-- ABOUT THIS TASK --
Exact copy, no pictures: return all the data below as written.
--- RECORD EXCERPTS Enclosed Below ---
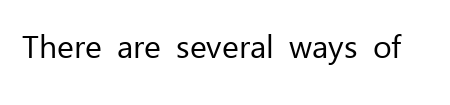
The rendering keeps characters at their native spacing. Each letter's strokes conclude bluntly, with no projecting serifs. Heaviness? Minimal to ordinary, like unemphasized prose. Clear beneath every line of the passage. Character widths vary here, with narrow letters taking less room than wide ones.
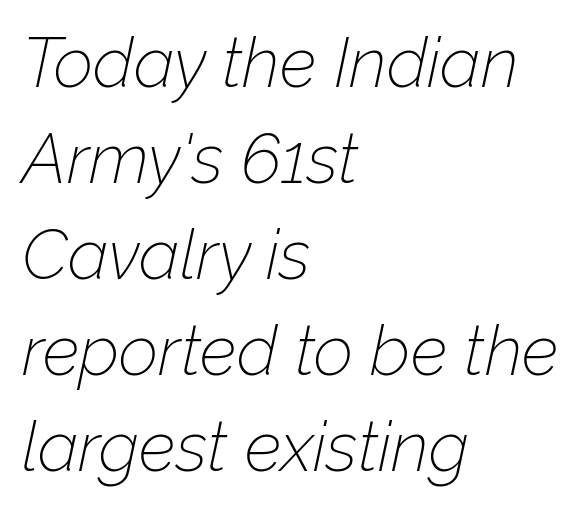
The image shows 69 px thin type, italic (leaning right); set left-aligned, normal line spacing (1.39x), normal letter spacing, not underlined; low stroke contrast and a medium x-height.
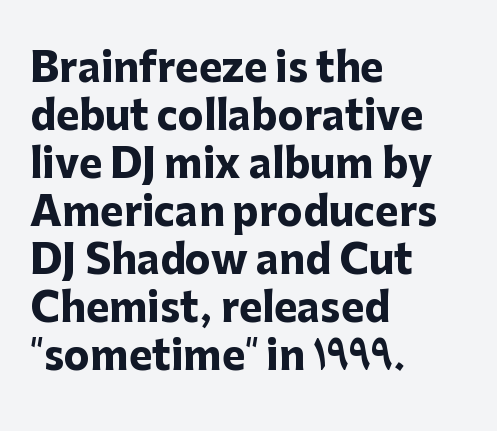
{"serif": "no", "italic": "no", "bold": "yes", "weight": "heavy", "width": "normal", "stroke_contrast": "low", "x_height": "medium", "monospaced": "no", "underline": "no", "align": "left", "line_spacing_ratio": 1.23, "letter_spacing": "normal", "letter_spacing_em": 0.0, "glyph_px": 39}
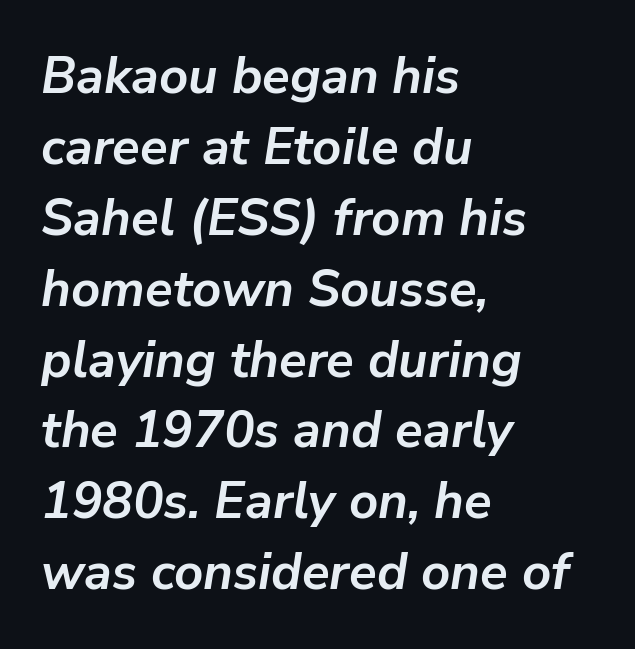
Q: Is the text bold? A: Yes.
Q: Is the text italic (slanted)? A: Yes, it leans right by about 9 degrees.
Q: Is the text underlined? A: No.
Q: How is the paragraph aligned? A: Left-aligned.
Q: Is the spacing between letters normal or unusually wide? A: Normal.
Q: Is the spacing between lines tight, normal or loose? A: Normal.
Q: Width (condensed, normal, or wide)? A: Normal.
Q: Stroke contrast? A: Low.
Q: x-height? A: Medium.
Q: Monospaced? A: No.
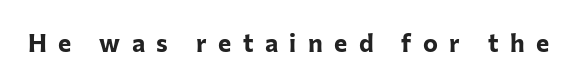
The image shows 25 px bold type, upright; set unusually wide letter spacing (+0.46 em), not underlined.
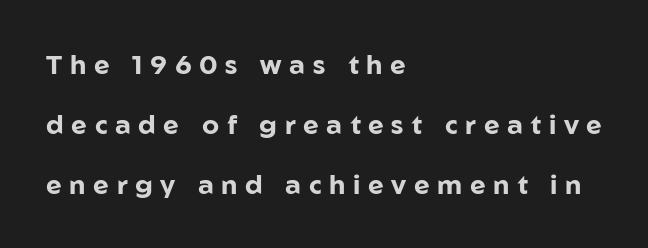
Reading down the column, the eye jumps a long way to each next line. Typesetter's note: full bold, strokes at maximum text heaviness. The string is rendered with underlining switched off. A roman cut, with each character standing at attention.
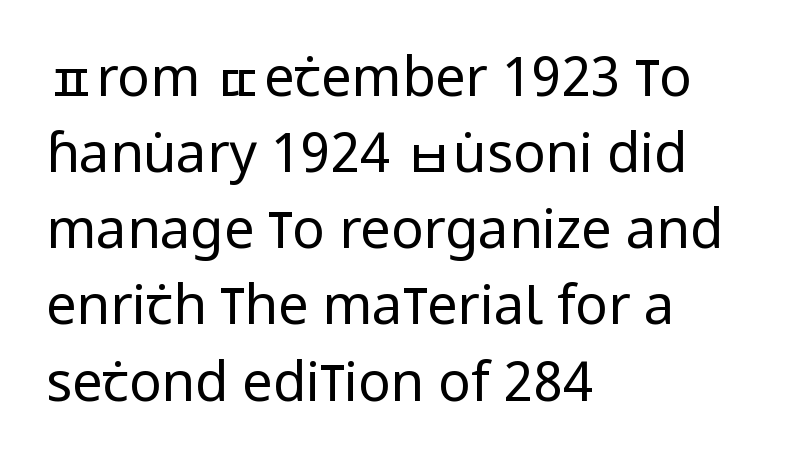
--- End of Enclosed RECORD EXCERPTS ---
-- TASK RESULT --
The rendering keeps characters at their native spacing. Each letter's strokes conclude bluntly, with no projecting serifs. Heaviness? Minimal to ordinary, like unemphasized prose. Clear beneath every line of the passage. Character widths vary here, with narrow letters taking less room than wide ones.
The image shows 69 px thin type, italic (leaning right); set left-aligned, normal line spacing (1.39x), normal letter spacing, not underlined; low stroke contrast and a medium x-height.
{"serif": "no", "italic": "no", "bold": "yes", "weight": "heavy", "width": "normal", "stroke_contrast": "low", "x_height": "medium", "monospaced": "no", "underline": "no", "align": "left", "line_spacing_ratio": 1.23, "letter_spacing": "normal", "letter_spacing_em": 0.0, "glyph_px": 39}
Q: Is the text bold? A: Yes.
Q: Is the text italic (slanted)? A: Yes, it leans right by about 9 degrees.
Q: Is the text underlined? A: No.
Q: How is the paragraph aligned? A: Left-aligned.
Q: Is the spacing between letters normal or unusually wide? A: Normal.
Q: Is the spacing between lines tight, normal or loose? A: Normal.
Q: Width (condensed, normal, or wide)? A: Normal.
Q: Stroke contrast? A: Low.
Q: x-height? A: Medium.
Q: Monospaced? A: No.
The image shows 25 px bold type, upright; set unusually wide letter spacing (+0.46 em), not underlined.
Reading down the column, the eye jumps a long way to each next line. Typesetter's note: full bold, strokes at maximum text heaviness. The string is rendered with underlining switched off. A roman cut, with each character standing at attention.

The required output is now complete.